- Task instructions -
Find every line below where the word "text" occurs, then give how many you found and nothing else.

- Input records -
---
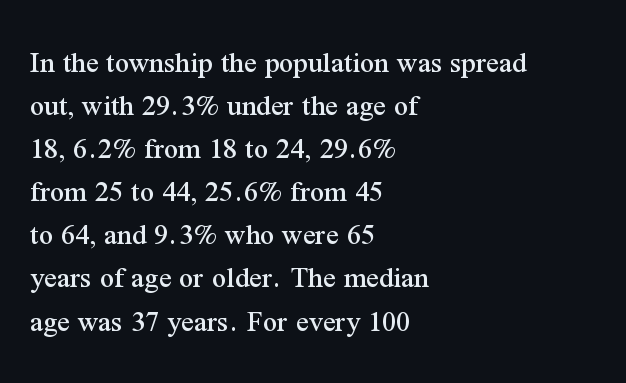
Q: Is the text italic (slanted)? A: No, it is upright.
Q: Is the typeface a serif or a sans-serif typeface? A: Serif.
Q: Is the text underlined? A: No.
Q: How is the paragraph aligned? A: Left-aligned.
Q: Is the spacing between letters normal or unusually wide? A: Normal.
Q: Is the spacing between lines tight, normal or loose? A: Normal.
Q: Width (condensed, normal, or wide)? A: Normal.
Q: Stroke contrast? A: Medium.
Q: x-height? A: Medium.
Q: Monospaced? A: No.
---
- Task response -
2